Buried a half-mile deep under the icy plains of Greenland’s Hiawatha Glacier, scientists have discovered a giant crater. Nearly 20 miles wide, the crater is among the 25 largest in the world; for scale, NASA says it’s a bit bigger than the Washington, DC Beltway area.
Danish scientists first spotted the crater when reviewing topographical data in 2015, but it took some time to confirm, since it’s buried under 3,000 feet of ice. After examining additional satellite imagery and radar data collected during a fly-over of the area, the team was convinced of their discovery, which was published this week in the journal Science Advances.
Based on the shape of the crater and the sediment found in nearby glacial runoff, the scientists believe that the crater was likely caused by a meteorite strike less than 3 million years ago, possibly near the tail end of the Earth’s last ice age a mere 13,000 years ago. At its deepest point, the crater is around 1,000 feet below the surface of the ground, which means the meteorite could have been more than half a mile wide.
That has some scientists excited. A meteorite big enough to create the Hiawatha crater would also have disrupted life on Earth for centuries. Some researchers believe it could be the missing piece of a decade-long theory about why woolly mammoths, giant sloths, and early humans of the Clovis culture died out. Based on geological analyses, scientists believe that a 1,000-year-long cooling event called the Younger Dryas began around 12,800 years ago, and according to one theory published in a 2007 paper, the Younger Dryas was caused by “an extraterrestrial impact event.”

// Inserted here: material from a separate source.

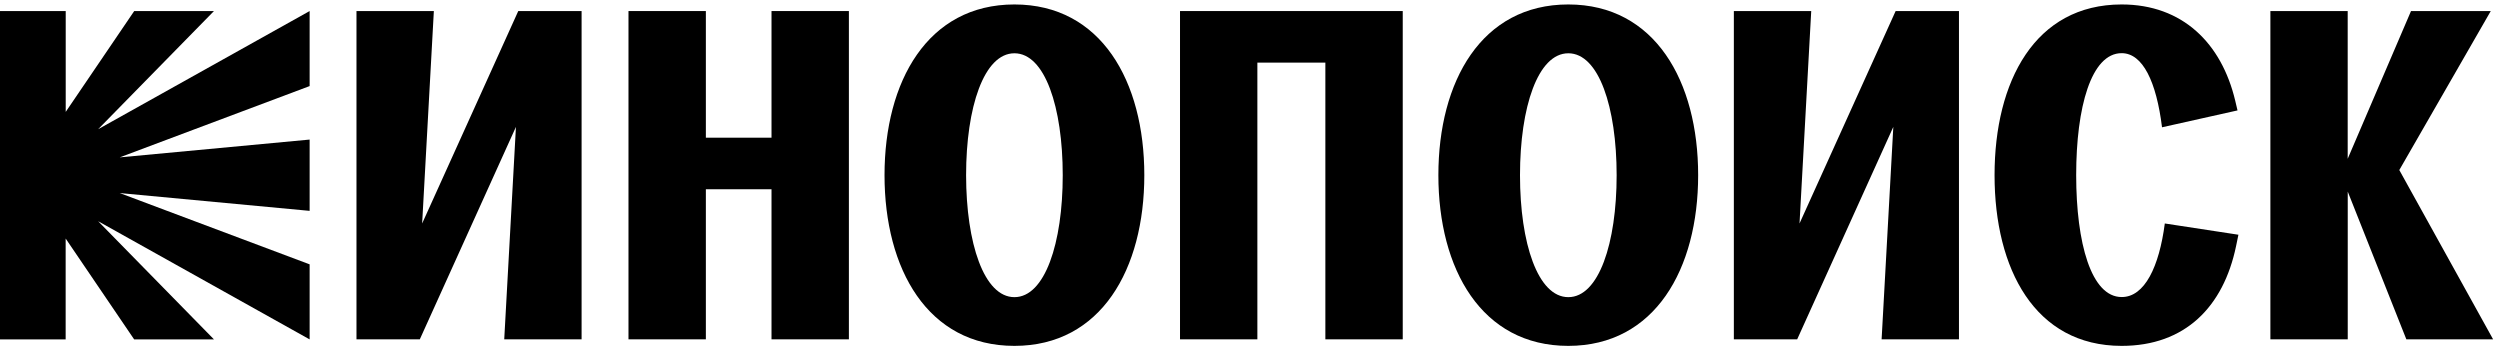 <?xml version="1.0" encoding="UTF-8"?> <svg xmlns="http://www.w3.org/2000/svg" width="157" height="22" viewBox="0 0 157 22" fill="none"><g clip-path="url(#clip0_46_5)"><path d="M0.004 0.694H4.127V7.027L8.429 0.694H13.437L6.162 8.115L19.445 0.694V5.406L7.518 9.883L19.445 8.765V13.242L7.518 12.124L19.445 16.601V21.314L6.162 13.892L13.437 21.314H8.425L4.123 14.98V21.314H0V0.694H0.004Z" fill="black"></path><path d="M22.387 0.694H27.246L26.511 14.034L32.547 0.694H36.524V21.31H31.666L32.401 7.969L26.364 21.31H22.387V0.694Z" fill="black"></path><path d="M39.469 0.694H44.328V8.647H48.451V0.694H53.31V21.31H48.451V11.885H44.328V21.31H39.469V0.694Z" fill="black"></path><path d="M55.548 11C55.548 5.11 58.258 0.28 63.706 0.28C69.153 0.28 71.863 5.11 71.863 11C71.863 16.89 69.153 21.721 63.706 21.721C58.258 21.724 55.548 16.894 55.548 11ZM63.706 18.661C65.619 18.661 66.74 15.273 66.74 11.004C66.74 6.734 65.619 3.346 63.706 3.346C61.792 3.346 60.671 6.734 60.671 11.004C60.675 15.273 61.792 18.661 63.706 18.661Z" fill="black"></path><path d="M74.101 0.694H88.092V21.31H83.233V3.932H78.963V21.31H74.105V0.694H74.101Z" fill="black"></path><path d="M90.33 11C90.33 5.11 93.039 0.28 98.487 0.28C103.935 0.28 106.644 5.11 106.644 11C106.644 16.89 103.935 21.721 98.487 21.721C93.039 21.721 90.33 16.894 90.33 11ZM98.491 18.661C100.404 18.661 101.525 15.273 101.525 11.004C101.525 6.734 100.404 3.346 98.491 3.346C96.577 3.346 95.456 6.734 95.456 11.004C95.456 15.273 96.574 18.661 98.491 18.661Z" fill="black"></path><path d="M108.886 0.694H113.745L113.01 14.034L119.046 0.694H123.023V21.31H118.165L118.9 7.969L112.863 21.31H108.886V0.694Z" fill="black"></path><path d="M135.95 14.034L140.573 14.741L140.427 15.448C139.631 19.279 137.217 21.721 133.24 21.721C127.793 21.721 125.258 16.89 125.258 11C125.258 5.11 127.793 0.28 133.24 0.28C137.071 0.28 139.513 2.725 140.37 6.316L140.516 6.934L135.775 7.994C135.422 5.138 134.568 3.339 133.24 3.339C131.327 3.339 130.384 6.727 130.384 10.996C130.384 15.266 131.327 18.654 133.24 18.654C134.686 18.661 135.597 16.744 135.95 14.034Z" fill="black"></path><path d="M142.576 0.694H147.435V9.972L151.412 0.694H156.42L150.676 10.679L156.567 21.31H151.119L147.438 12.032V21.31H142.58V0.694H142.576Z" fill="black"></path></g><defs><clipPath id="clip0_46_5"><rect width="157" height="22" fill="white"></rect></clipPath></defs></svg>

While the authors originally theorized the impact took place somewhere in North America, no one could find the crater in question, but it’s possible that this new Greenland discovery could be it. “I think we have the smoking gun,” geochemist Wendy Wolbach told Science Magazine.
But the paper’s lead author is reluctant to jump to conclusions, as exciting as they may be. “We do not discuss it in the paper, but I think it is a possibility,” geologist Kurt Kjær told National Geographic. “This may generate a lot of discussion, and we need to find out.”